The FBI decided that Weaver was such a bad person that the Constitution no longer applied. Snipers from the FBI Hostage Rescue Team were sent in the next day and ordered to shoot-to-kill any adult male outside the Weaver cabin. A federal appeals court ruling noted that “a group of FBI agents formulated rules of engagement that permitted their colleagues to hide in the bushes and gun down men who posed no immediate threat. Such wartime rules are patently unconstitutional for a police action.”
On August 22, 1992, FBI sniper Lon Horiuchi shot Randy Weaver under the arm after he stepped out of his cabin. As he struggled to return to his home, Horiuchi shot and killed Vicki Weaver as she stood in the cabin door holding their 10-month old baby. A confidential 1994 Justice Department task force report was appalled that people were gunned down before receiving any warning: “The absence of a (surrender demand) subjected the Government to charges that it was setting Weaver up for attack.”
Weaver and Harris, who never fired any shots at FBI agents, surrendered after an 11-day siege. At their 1993 trial, federal prosecutors asserted that Weaver long conspired to have an armed confrontation with the government. Bizarrely, the feds claimed that his moving from Iowa to near the Canadian border in 1983 was part of that plot.
An Idaho jury found Weaver innocent of almost all charges and ruled that the shooting of the U.S. marshal was self-defense. Federal Judge Edward Lodge released a lengthy list detailing the Justice Department’s and FBI’s misconduct and fabrication of evidence in the case. After an elaborate coverup unraveled (a top FBI official was sent to prison for destroying key evidence), the feds in 1995 paid the Weaver family $3.1 million to settle their wrongful death lawsuit. This was not simply a right-wing cause: the American Civil Liberties Union was in the forefront of condemning federal misconduct at Ruby Ridge.

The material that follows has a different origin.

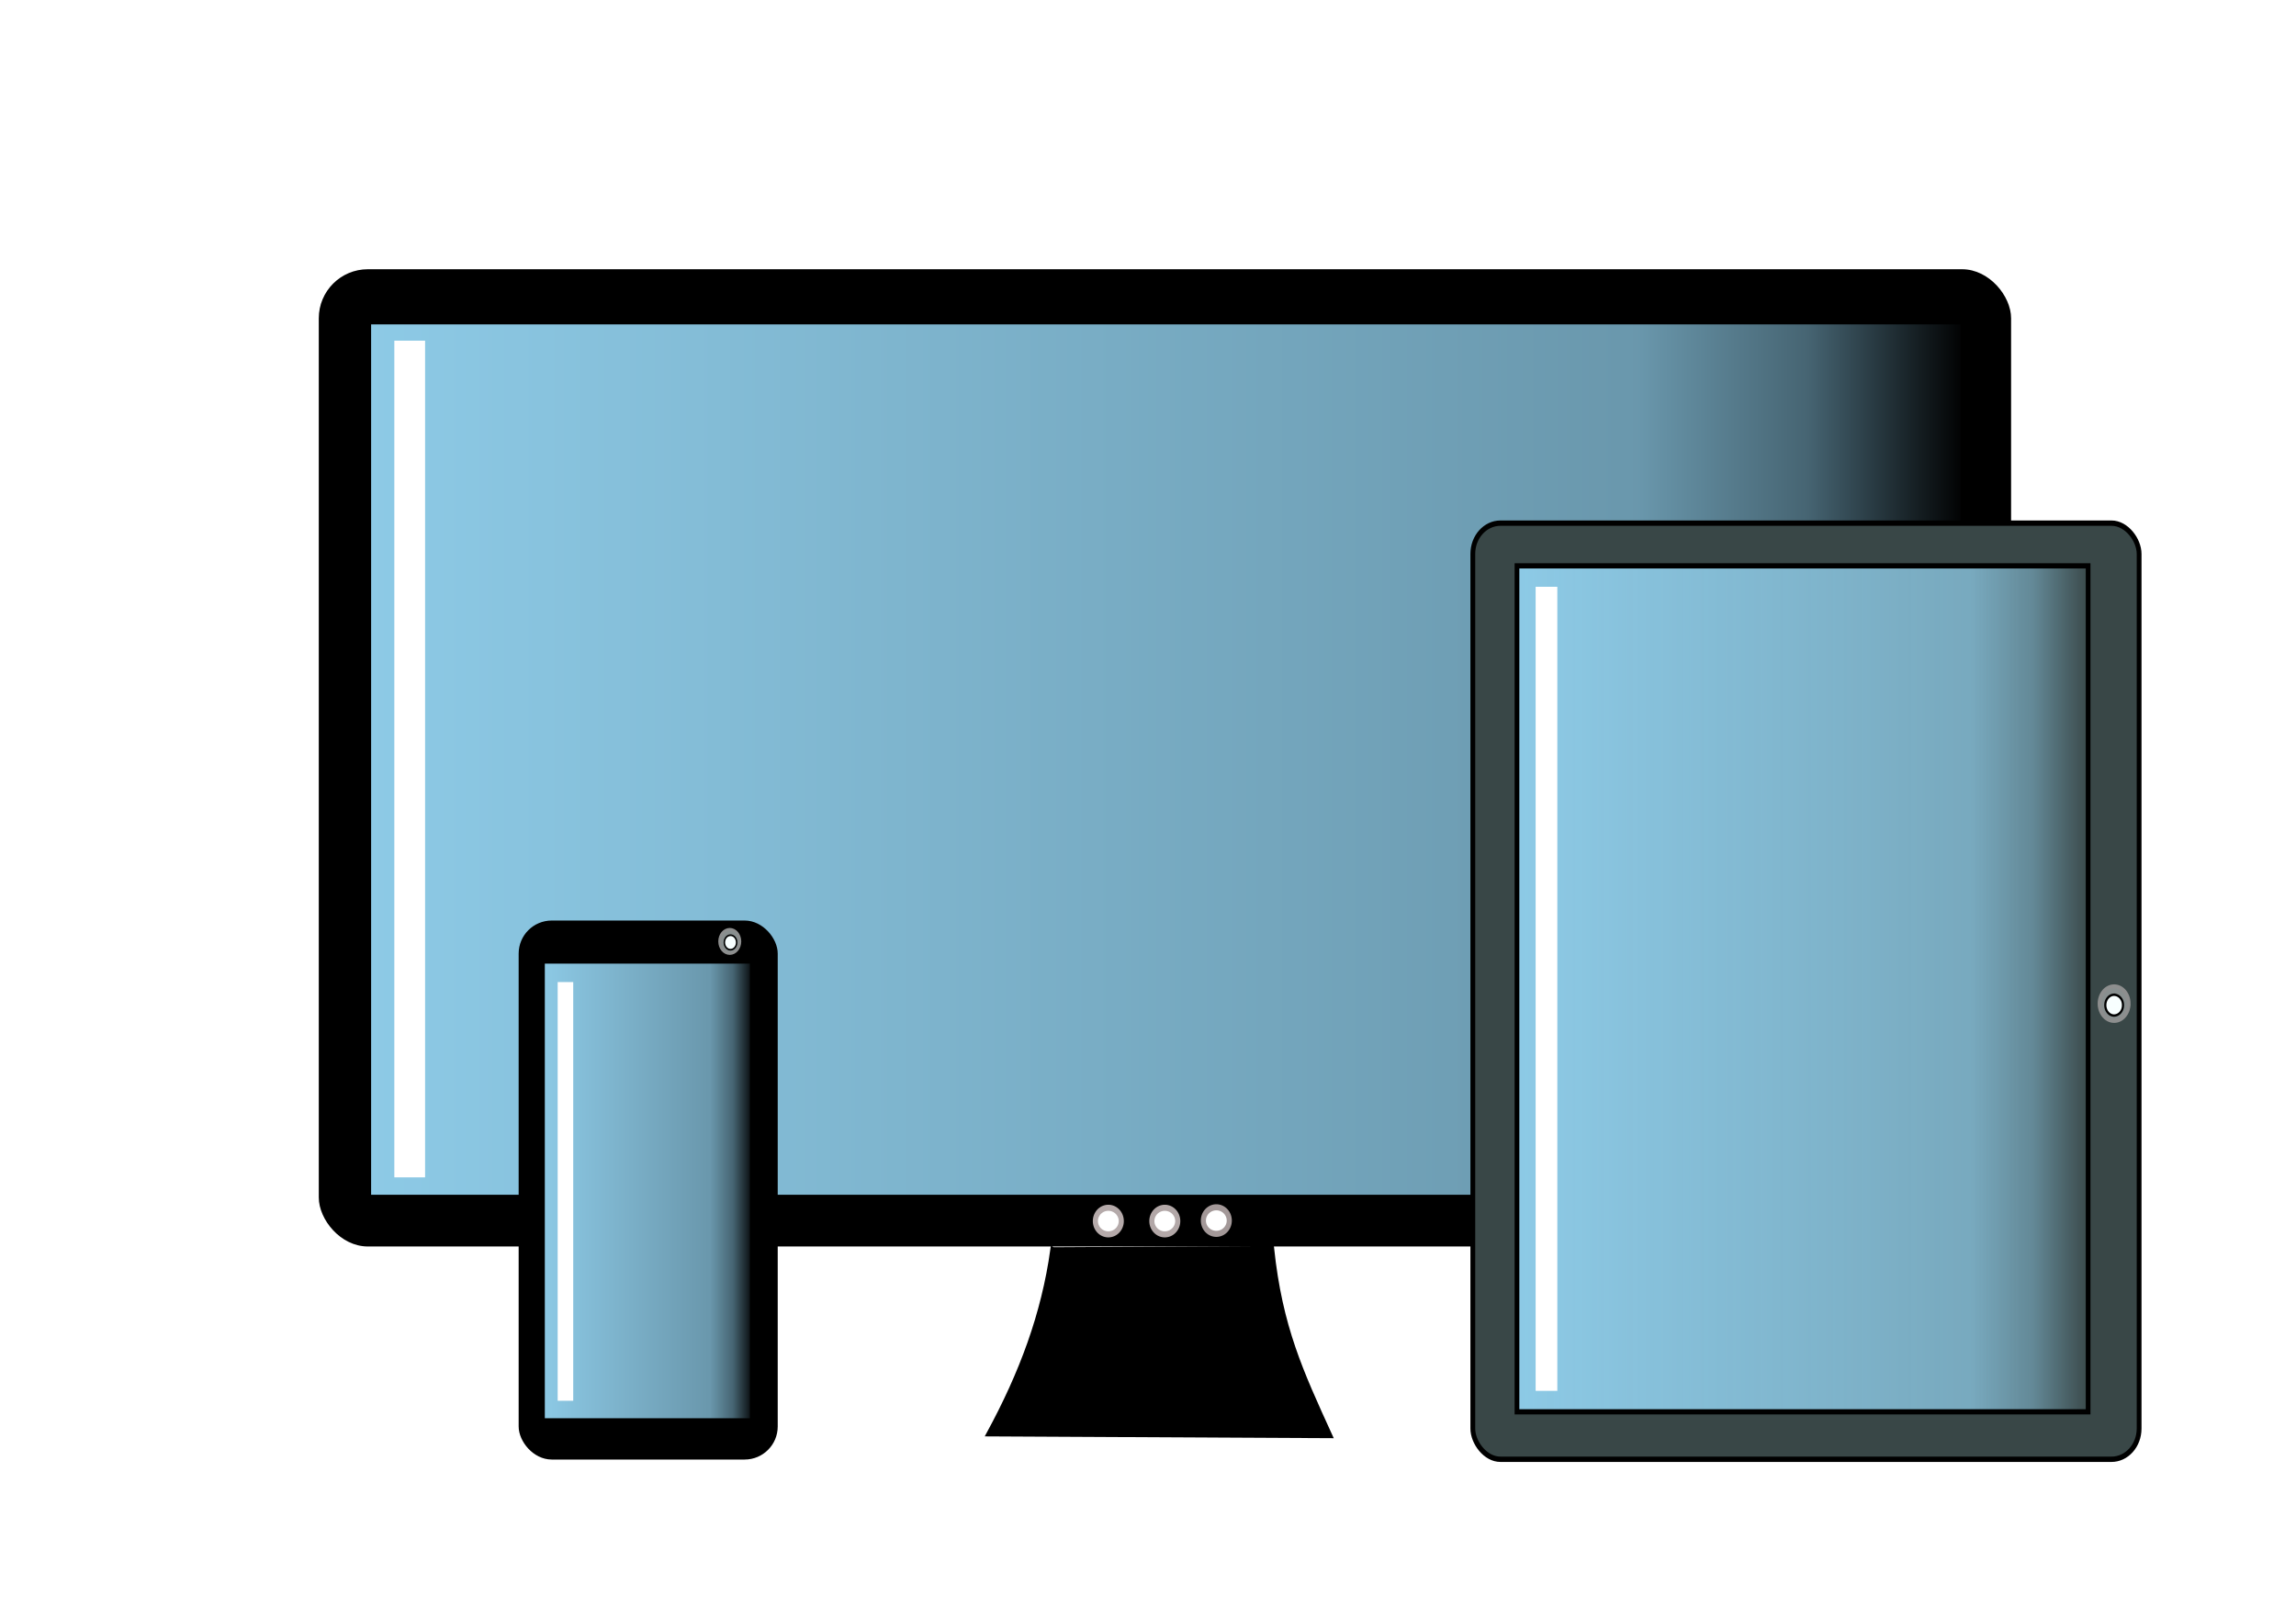 <svg xmlns="http://www.w3.org/2000/svg" xmlns:xlink="http://www.w3.org/1999/xlink" viewBox="0 0 744.09 524.41"><defs><linearGradient id="a"><stop offset="0" stop-color="#8dcae6"/><stop offset=".795" stop-color="#8dcae6" stop-opacity=".749"/><stop offset=".901" stop-color="#8dcae6" stop-opacity=".498"/><stop offset="1" stop-color="#8dcae6" stop-opacity="0"/></linearGradient><linearGradient id="c" y2="1015.9" xlink:href="#a" gradientUnits="userSpaceOnUse" x2="284.49" gradientTransform="matrix(7.78 0 0 8.653 -1592.3 -8340.5)" y1="1015.9" x1="217.87"/><linearGradient id="d" y2="1025.7" xlink:href="#a" gradientUnits="userSpaceOnUse" x2="290.67" y1="1025.7" x1="266.69"/><linearGradient id="e" y2="509.58" xlink:href="#a" gradientUnits="userSpaceOnUse" x2="305.76" gradientTransform="matrix(.674 0 0 .75 22.368 207.49)" y1="509.58" x1="202.66"/><filter id="g" color-interpolation-filters="sRGB"><feGaussianBlur stdDeviation="5" result="result91"/><feComposite in2="result91" in="SourceGraphic"/></filter><filter id="f" color-interpolation-filters="sRGB"><feGaussianBlur stdDeviation="5" result="result91"/><feComposite in2="result91" in="SourceGraphic"/></filter><filter id="h" color-interpolation-filters="sRGB"><feGaussianBlur stdDeviation="5" result="result91"/><feComposite in2="result91" in="SourceGraphic"/></filter><filter id="b" color-interpolation-filters="sRGB"><feFlood result="flood" flood-color="#000" flood-opacity=".5"/><feComposite operator="in" result="composite1" in2="SourceGraphic" in="flood"/><feGaussianBlur stdDeviation="2" result="blur"/><feOffset result="offset" dx="4" dy="4"/><feComposite result="fbSourceGraphic" in2="offset" in="SourceGraphic"/><feColorMatrix values="0 0 0 -1 0 0 0 0 -1 0 0 0 0 -1 0 0 0 0 1 0" result="fbSourceGraphicAlpha" in="fbSourceGraphic"/><feFlood result="flood" flood-color="#000" flood-opacity=".5"/><feComposite operator="in" result="composite1" in2="fbSourceGraphic" in="flood"/><feGaussianBlur stdDeviation="2" result="blur"/><feOffset result="offset" dx="4" dy="4"/><feComposite result="fbSourceGraphic" in2="offset" in="fbSourceGraphic"/><feColorMatrix values="0 0 0 -1 0 0 0 0 -1 0 0 0 0 -1 0 0 0 0 1 0" result="fbSourceGraphicAlpha" in="fbSourceGraphic"/><feFlood result="flood" flood-color="#000" flood-opacity=".5"/><feComposite operator="in" result="composite1" in2="fbSourceGraphic" in="flood"/><feGaussianBlur stdDeviation="2" result="blur"/><feOffset result="offset" dx="4" dy="4"/><feComposite result="fbSourceGraphic" in2="offset" in="fbSourceGraphic"/><feColorMatrix values="0 0 0 -1 0 0 0 0 -1 0 0 0 0 -1 0 0 0 0 1 0" result="fbSourceGraphicAlpha" in="fbSourceGraphic"/><feFlood result="flood" flood-color="#000" flood-opacity=".5"/><feComposite operator="in" result="composite1" in2="fbSourceGraphic" in="flood"/><feGaussianBlur stdDeviation="2" result="blur"/><feOffset result="offset" dx="4" dy="4"/><feComposite result="composite2" in2="offset" in="fbSourceGraphic"/></filter></defs><g filter="url(#b)" transform="translate(0 -219.69)"><rect ry="15.074" height="315.12" width="546.82" y="291.77" x="88.126" color="#000" stroke="#000" stroke-width="1.627"/><path d="M103.47 591.74V308.03h516.78v283.71z" stroke="#000" stroke-width="1.6" fill="url(#c)"/><path d="M325.21 608.76l70.901-.407c2.72 25.567 9.402 39.92 18.87 60.672l-110.49-.57c10.697-19.696 17.768-38.705 20.716-59.698z" stroke="#000" stroke-width="1.618"/><path d="M250.27 42.065a.507.437 0 11-1.014 0 .507.437 0 111.014 0z" transform="matrix(8.275 0 0 9.85 -1723.6 185.13)" color="#000" stroke="#b5aaaa" stroke-width=".2" fill="#fff"/><path d="M250.27 42.065a.507.437 0 11-1.014 0 .507.437 0 111.014 0z" transform="matrix(8.275 0 0 9.85 -1705.3 185.13)" color="#000" stroke="#b2a7a7" stroke-width=".2" fill="#fff"/><path d="M250.27 42.065a.507.437 0 11-1.014 0 .507.437 0 111.014 0z" transform="matrix(8.275 0 0 9.85 -1688.6 184.97)" color="#000" stroke="#a39898" stroke-width=".2" fill="#fff"/><g transform="matrix(7.78 0 0 8.653 -1600 -8350.7)" color="#000"><rect ry="1.151" height="35.066" width="27.755" y="1008.2" x="264.95" stroke="#000" stroke-width=".2" fill="#394747"/><rect ry="0" height="31.688" width="23.791" y="1009.8" x="266.79" stroke="#000" stroke-width=".196" fill="url(#d)"/><path d="M292.275 1026.198c0 .357-.273.647-.61.647-.338 0-.612-.29-.612-.647s.274-.647.611-.647c.338 0 .611.29.611.647z" stroke="#8d8e8e" stroke-width=".15" fill="#888f8f"/><path d="M292.033 1026.255a.38.38 0 01-.368.39c-.203 0-.368-.174-.368-.39s.165-.39.368-.39a.38.38 0 01.368.39z" stroke="#000" stroke-width=".09" fill="#f8ffff"/></g><rect ry="9.89" height="173.06" width="82.313" y="502.88" x="152.91" color="#000" stroke="#000" stroke-width="1.646"/><g color="#000" stroke-width=".2"><path d="M293.04 31.95c0 .476-.364.862-.814.862-.45 0-.813-.386-.813-.862s.364-.862.813-.862c.45 0 .814.386.814.862z" transform="matrix(4.078 0 0 4.536 -971.197 363.905)" stroke="#8d8e8e" fill="#888f8f"/><path d="M293.04 31.95c0 .476-.364.862-.814.862-.45 0-.813-.386-.813-.862s.364-.862.813-.862c.45 0 .814.386.814.862z" transform="matrix(2.457 0 0 2.732 -497.257 421.878)" stroke="#000" fill="#f8ffff"/></g><rect ry="0" height="148.92" width="68.045" y="515.24" x="159.78" color="#000" stroke="#000" stroke-width="1.571" fill="url(#e)"/><path transform="matrix(.429 0 0 .75 74.017 207.49)" color="#000" filter="url(#f)" fill="#fff" d="M211.45 419.35h11.753V600.3H211.45z"/><path transform="matrix(.387 0 0 .75 60.449 207.49)" color="#000" filter="url(#g)" fill="#fff" d="M132.68 142.16h25.755v361.59H132.68z"/><path transform="matrix(.442 0 0 .75 180.66 207.49)" color="#000" filter="url(#h)" fill="#fff" d="M681.02 248.52h15.901v347.5H681.02z"/></g></svg>

Federal vendettas spur citizen backlashes. On Tuesday, a Nevada jury, in what the Associated Press labeled a “stunning setback to federal prosecutors,” found four supporters of rancher Cliven Bundy not guilty for their role in a 2014 confrontation with federal agents in a dispute over cattle grazing on government land. Even though federal judge Gloria Navarro muzzled defendants and prohibited them from invoking their constitutional rights, jurors scorned federal claims that the men were part of a conspiracy against the government. As at Ruby Ridge, the feds pulled out all the stops to get their targets: The FBI created a bogus “independent” documentary film crew that spent almost a year visiting and pursuing the Bundy family and their supporters, seeking to gather incriminating evidence during interviews.
In a nation with hundreds of millions of people, there will be plenty of folks with antisocial or harebrained notions. But even if the government could eliminate everyone with heretical beliefs, the sheer extent of repression would spawn legions of new rabble-rousers. Freedom of speech is a more reliable antidote to toxic ideologies than unleashing the FBI or other federal agencies.
Bad precedents can be far more deadly than bad ideas. Ruby Ridge illustrates the folly of treating noxious ideas like ticking time bombs. The vast majority of devotees of deluded dogmas will be duds — unless the government detonates the scene.